After their reconciliation, TJ and Molly agree to have sex for the first time, after being together for two years. "If it were up to the Hollywood standards, we would have had sex by now", Richmond said. TJ and Molly's emphasis on being safe about the decision shows "a different side of this age and that all teens aren't alike." Though the decision to have sex is mutual, Richmond explained that TJ is unsure of the choice, "because he doesn't know if Molly's ready." He does not want to rush her. Molly admits to her sister that she had sex with TJ.

===Family===
When the producers first put out the casting call for the role of TJ, there was speculation that he would be the son of Sean Blakemore's Shawn Butler. However upon the character's introduction, TJ is revealed to be the son of Shawn's best friend and fellow Marine, Tommy Ashford, whom Shawn accidentally killed in combat. Though TJ initially holds it over Shawn's head, he eventually forgives him for his role in Tommy's death.

In 2014, Vinessa Antoine joined the cast in a mystery role and is revealed to be TJ's estranged mother Jordan. TJ immediately picks up on the tension between them but doesn't have any illusions about them becoming one big happy family. He "just wishes they'd get along."

==Reception==
The character received mixed to positive reviews while Richmond has been praised for his portrayal. While Jamey Giddens of Daytime Confidential did not care for Meyer's TJ upon his introduction, he later said, "Since then, the character and actor have grown on me... Molly and TJ are one of the most refreshingly-realistic teen stories soaps has done in years." When it was announced that TJ would be recast, Giddens said he would miss Meyer in the role but suggested Tequan Richmond for the recast specifically.

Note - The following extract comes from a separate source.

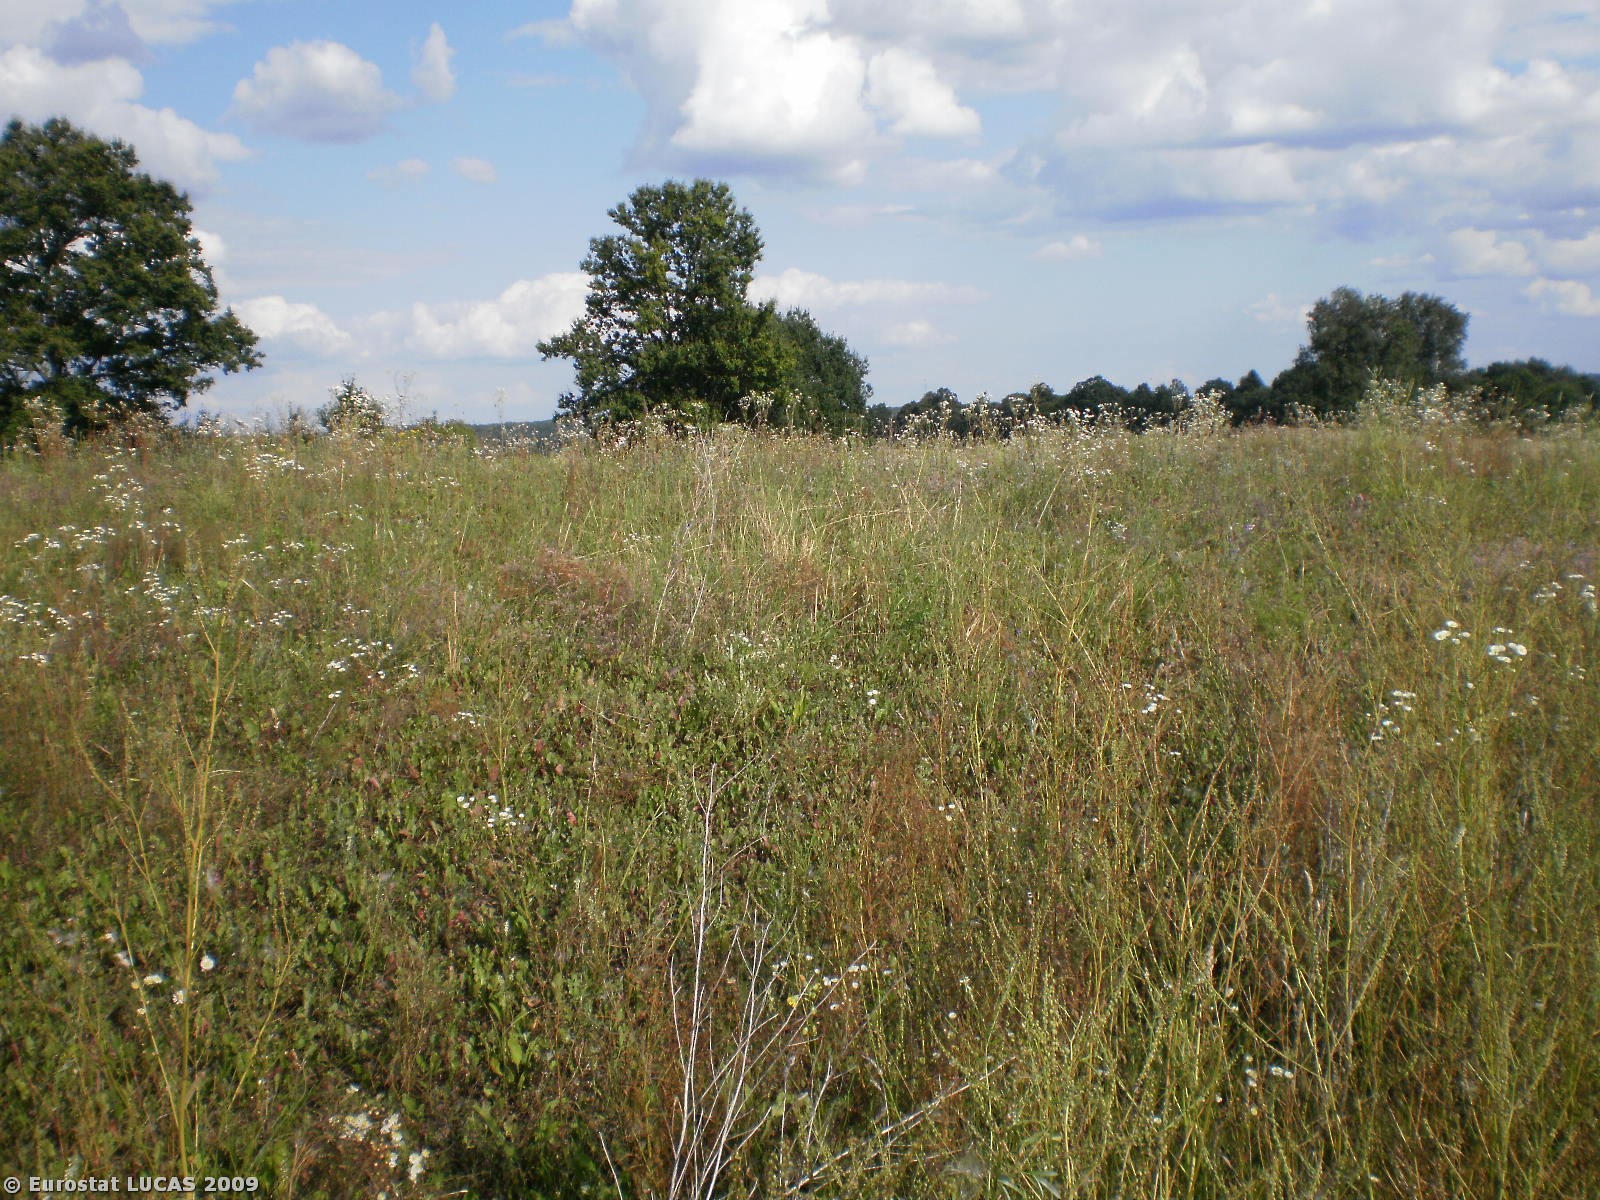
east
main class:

Giddens said casting Richmond, "who is well known to the black community", would be great exposure for the show in urban press, which could attract Richmond's young female fanbase as viewers.

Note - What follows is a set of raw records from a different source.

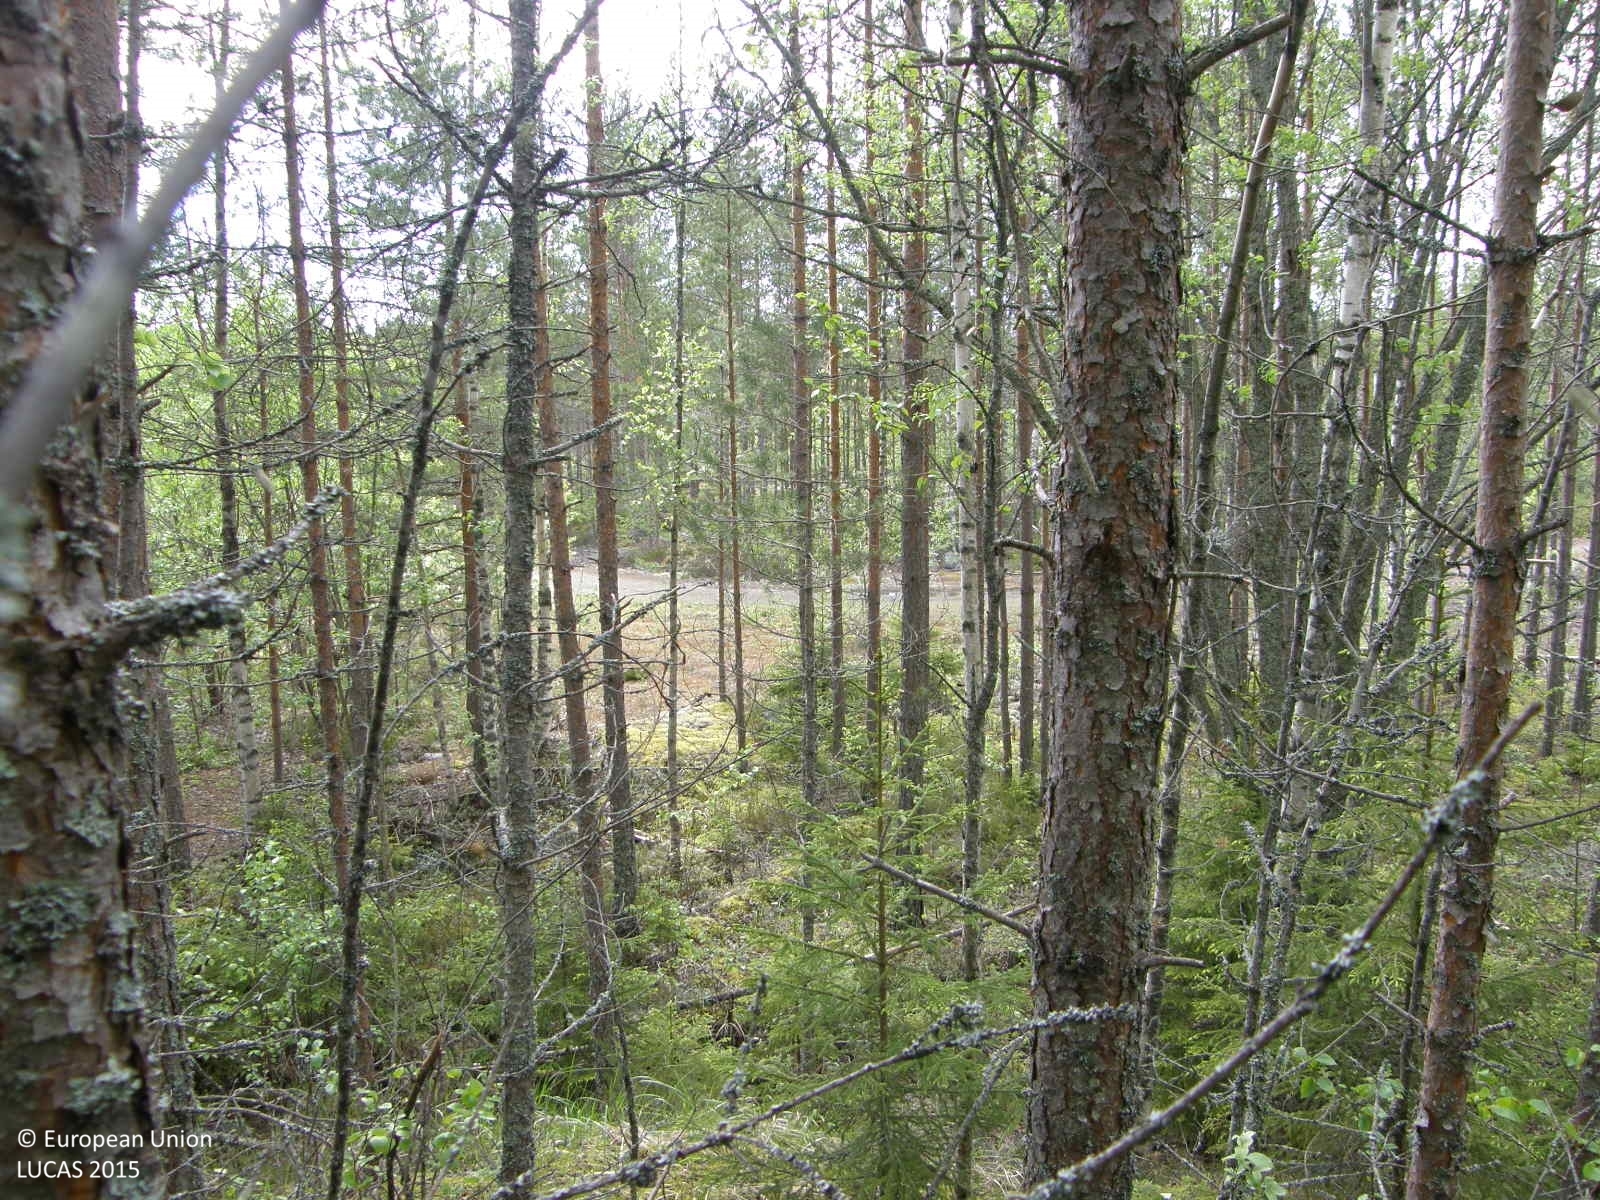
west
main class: Woodland
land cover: Pine dominated mixed woodland
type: boreal forest
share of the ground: > 75 %
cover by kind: coniferous forest trees 65 %, broadleaved forest trees 25 %, consolidated bare surface 5 %, unconsolidated bare surface 5 %
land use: Forestry
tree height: > 5 m
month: June
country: FI
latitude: 61.9391
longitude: 21.6542
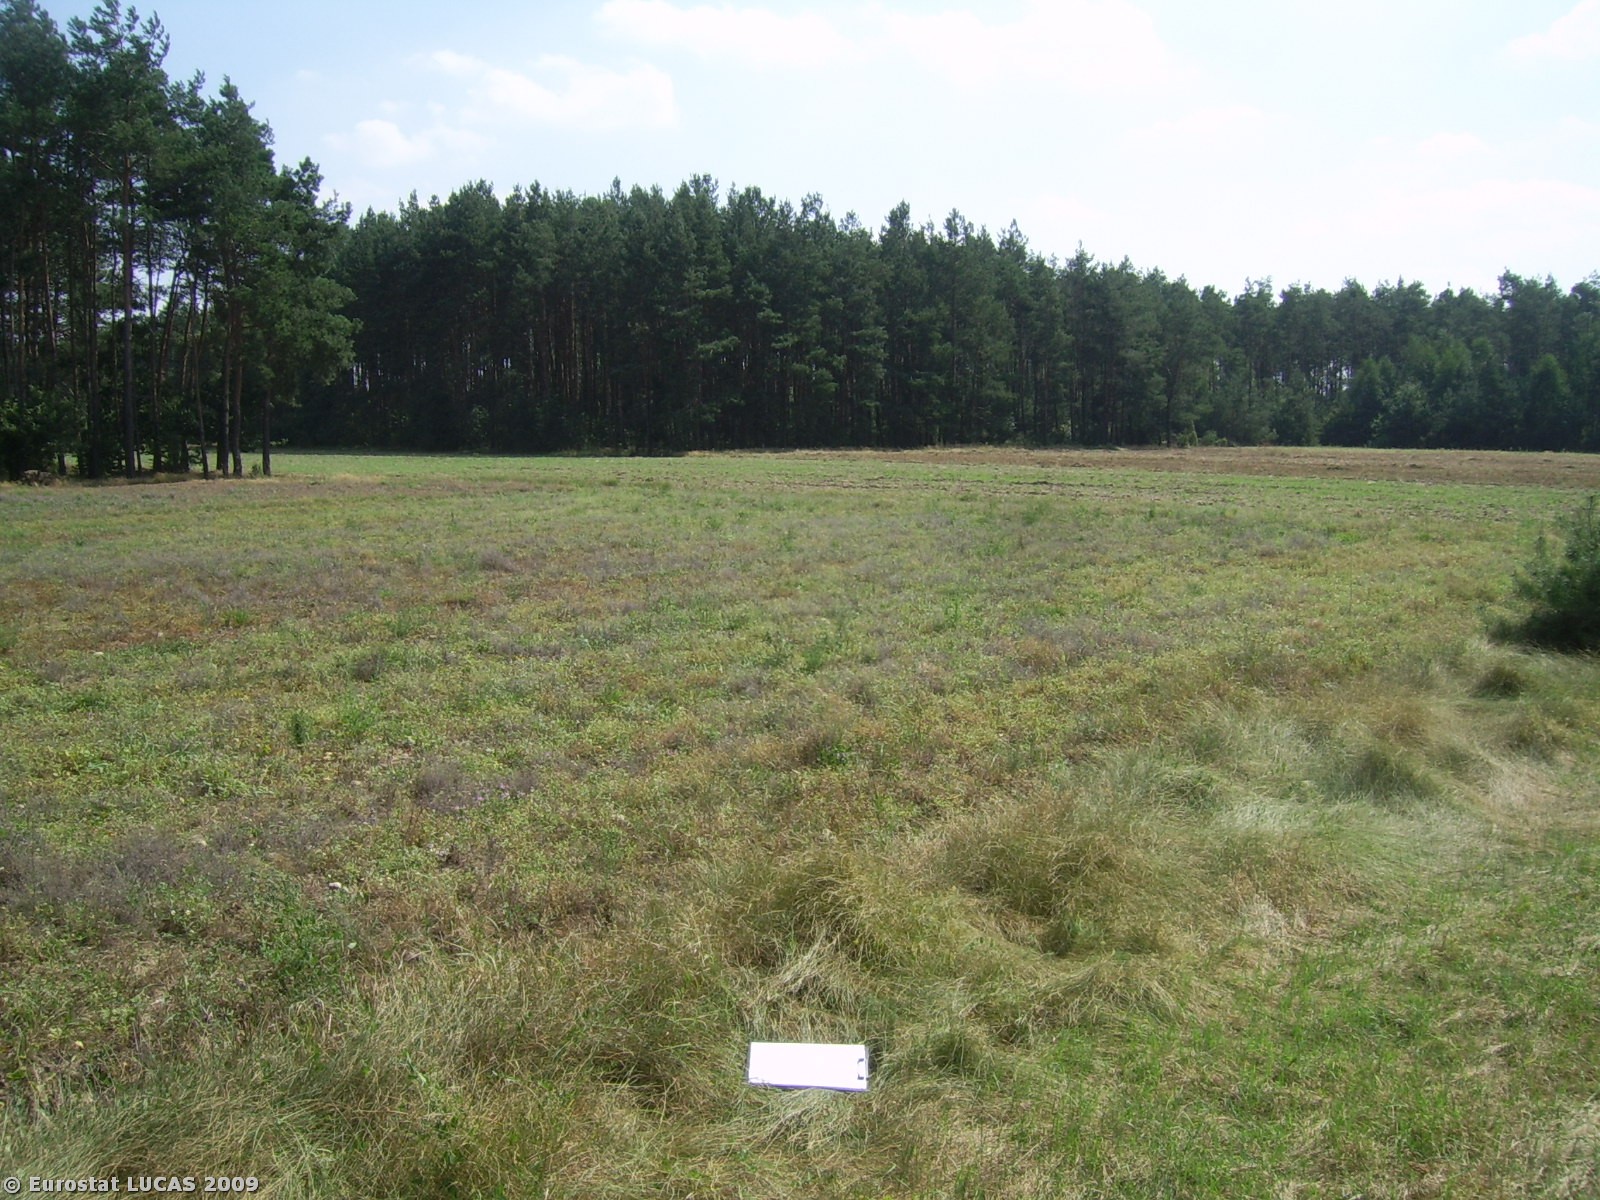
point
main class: Grassland
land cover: Grassland without tree/shrub cover
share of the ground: > 75 %
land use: Agriculture (excluding fallow land and kitchen gardens)
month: August
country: PL
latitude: 51.5134
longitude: 18.4778

For the year of 2012, Richmond ranked at No. 4 on Daytime Confidentials list of the "Top 5 Soap Opera Newcomers" in soaps for, while Molly and TJ ranked at No. 10 on Daytime Confidentials list of the "Top 10 Soap Opera Couples". The couple continued General Hospitals tradition of "cute teen couples."

In 2014 Richmond received an NAACP Image Award nomination for Outstanding Actor in a Daytime Drama Series. In 2015, he was nominated for the Daytime Emmy Award for Outstanding Younger Actor in a Drama Series for his portrayal of TJ. While Richmond was not favored to win the award, Jenn Bishop of TV Source Magazine described him as "one of the most underappreciated young actors in the soap genre." Bishop praised Richmond for the consistency of his acting, and for not being "dull" when compared to some his fellow younger actors. "The emotional range and talent [he] displays in his reel is an excellent representation of the quality of work he put out all year. He’s able to easily navigate the anger and grief his character TJ feels in response to some shocking news. I won't be mad if he manages to be the upset in this category."